Photography by Matthew Brandt
Words by Joseph Delaney

It’s rare for an artist to practice in such a way that makes you question the very nature of their medium. It takes great skill, and an expert knowledge, to challenge the perceptions of one’s craft and put into question the manner in which we receive an image by their manipulation of medium alone.

Born the son of an advertising photographer father, some might say Matthew Brandt was born into his trade; around photography from an early age, it might have been expected his naturally leading to an inheritance of photographic interest and, perhaps, skill. But for Brandt it was much more than mere craft inheritance; where the children of many commercial photographers spend time behind their parent’s clicking camera, he spent his in front. This might go some way in explaining his interest in going beyond the physical nature of his craft onto something more than a visual record: the exchange between artist and subject.

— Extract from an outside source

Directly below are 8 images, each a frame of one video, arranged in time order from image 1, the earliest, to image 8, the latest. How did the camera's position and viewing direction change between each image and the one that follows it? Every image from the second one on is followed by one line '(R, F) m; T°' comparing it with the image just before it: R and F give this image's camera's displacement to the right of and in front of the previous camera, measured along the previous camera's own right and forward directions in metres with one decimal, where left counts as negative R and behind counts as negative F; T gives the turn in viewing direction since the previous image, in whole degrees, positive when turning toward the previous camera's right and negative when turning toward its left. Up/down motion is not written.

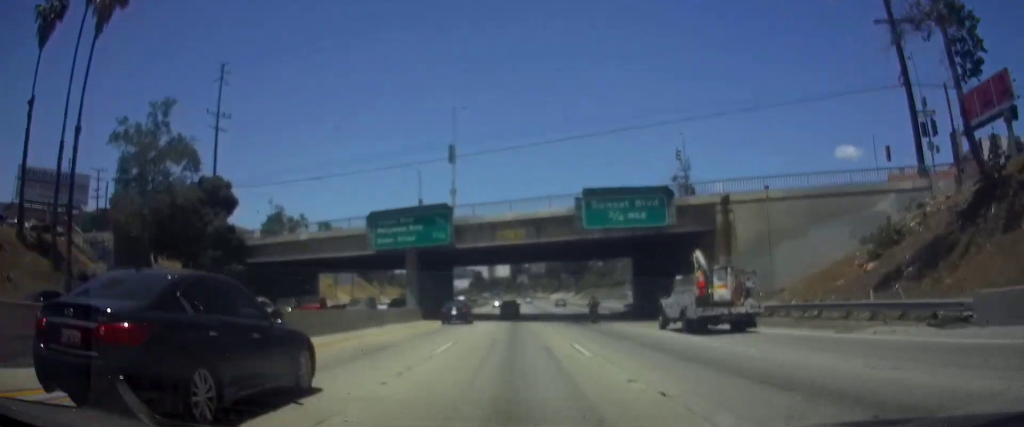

Through substituting developing supplies for everyday (though very specific) materials, his images tell a very literal tale of their conception. His series Lakes and Rivers transforms the medium from a visual record of the subject to that of the physical, by soaking the print in water from each specific lake or river it depicts he allows the physical nature of the subject to alter its record. Similarly Portraits, using the subjects’ own, often very intimate, bodily fluids as a tool for developing their individual portrait. Brandt pushes the intimacy of portraiture and questions the nature of the relationship between photographer and subject.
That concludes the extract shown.